With static analysis, there is often a trade between precision and scalability. You can expect to spend time upfront configuring the static analyzer to the particular needs of the project. For example, a quick, but crude, static analyzer will produce quick feedback within a normal work cycle, and, a slow, but precise, analyzer can be run before a major release. Note that there are some precise commercial tools that are customizable for rapid analysis.


  • The static analyzer comes back with too many warnings. Fortunately, there are now many mechanisms (filtering, analysis tuning, increased precisions) to deal with this problem. This challenge also stems from the need to trade precision for scalability. For example, you may configure an analyzer to be complete, which means that it needs to flag every possible error. In doing so, it relies on approximations (called abstractions in the literature), which lead the analysis to consider execution paths that may not be realizable.  Therefore the analyzer may not distinguish between a real error and a possible error (warnings). The question is: “What can be done when faced with an overwhelming number of warnings?”

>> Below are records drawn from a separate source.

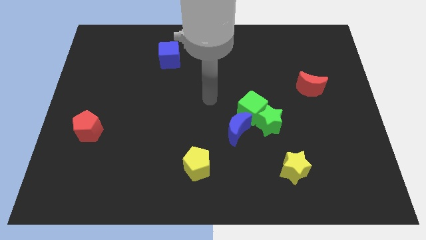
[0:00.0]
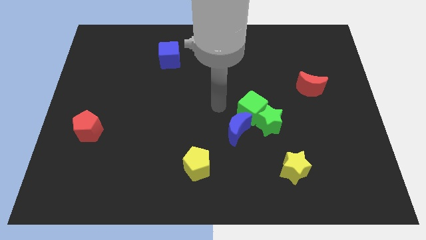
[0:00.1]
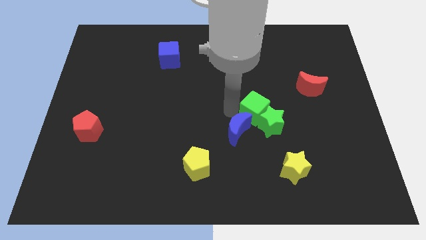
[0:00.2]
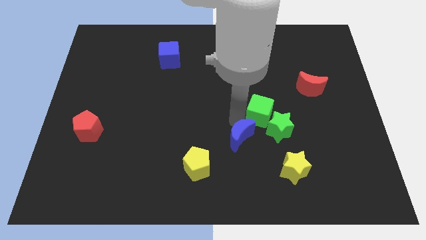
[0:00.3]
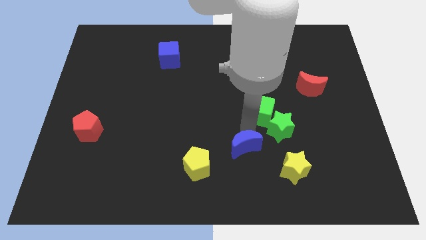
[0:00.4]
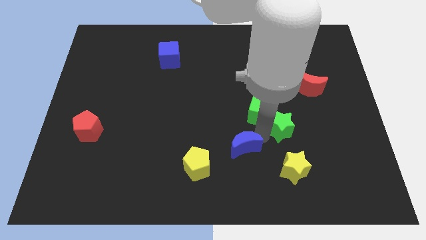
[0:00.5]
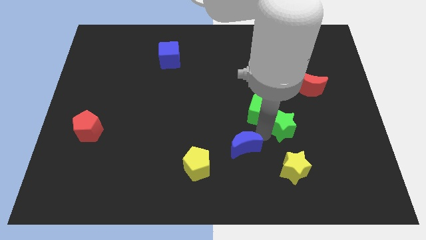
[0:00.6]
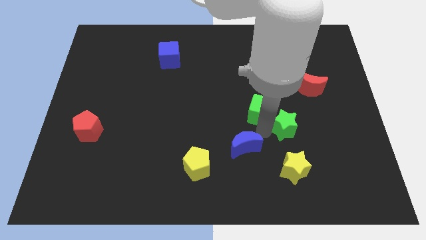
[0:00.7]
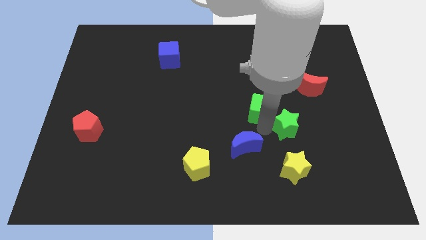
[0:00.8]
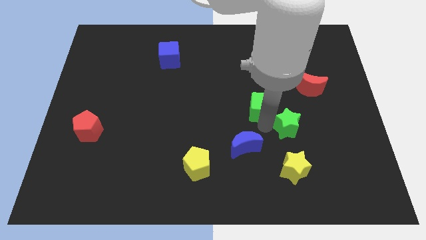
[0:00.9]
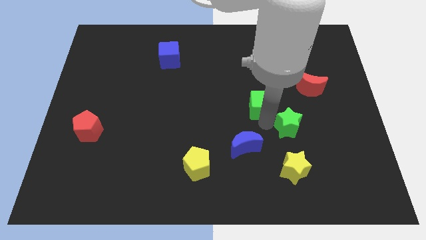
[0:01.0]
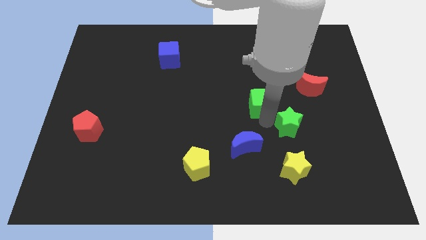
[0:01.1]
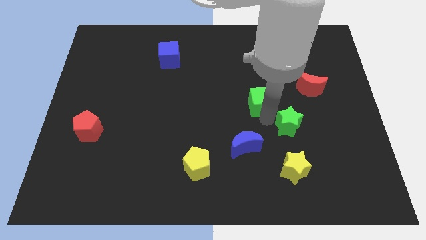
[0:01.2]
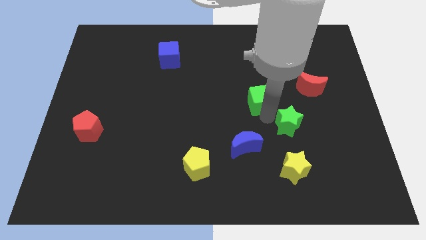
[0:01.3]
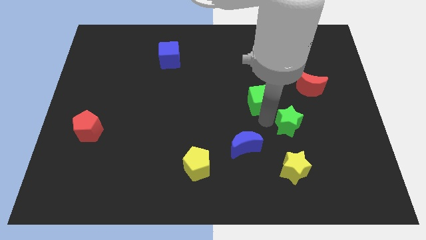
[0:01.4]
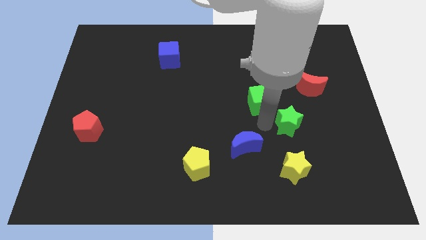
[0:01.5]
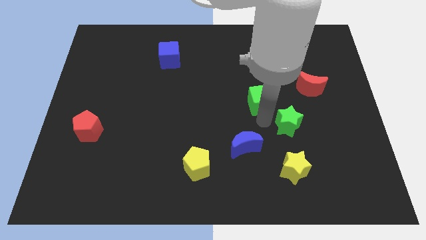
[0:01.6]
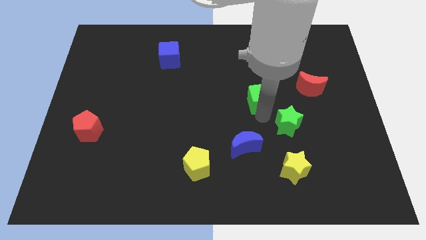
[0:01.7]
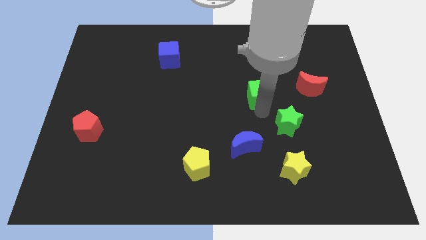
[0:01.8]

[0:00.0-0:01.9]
move the green cube away from the green star and blue moon

Guidance: First, make sure you are familiar with the static analyzer. Static analyzers that look for errors fall into two categories: debuggers and certifiers. Debuggers try to find bugs quickly, and in doing so, they cut many corners; thus they usually generate many warnings. Certifiers are slower but they try to characterize every operation as safe, unsafe, potentially unsafe, or dead. Depending on your need, pick one or the other, or use one or the other at the proper place in your process. Note that certifiers are recommended for safety critical code.

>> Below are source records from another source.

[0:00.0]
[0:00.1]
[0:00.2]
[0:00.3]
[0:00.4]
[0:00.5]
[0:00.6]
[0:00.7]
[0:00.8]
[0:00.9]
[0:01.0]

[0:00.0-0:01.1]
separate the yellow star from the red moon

Second, make sure that your static analyzer has a filtering capability. Most come with a means of filtering by types of errors. However, if possible, pick a tool that can rank warnings so that you can focus on the most likely bugs. Some tools will do that automatically and present only a percentage of all the warnings. Lastly, it may be necessary to write a customized script to filter results.

When triaging warnings or errors, it is recommended to first process errors that appear early in the execution and re-run the static analyzer to avoid a lot of unnecessary work. As with compiler errors, fixing an early error might lead to the elimination of many later errors/warnings. This dependency between warnings is why it is recommended to run analysis during the development process; the results are addressed and cascading side effects less likely to accumulate.  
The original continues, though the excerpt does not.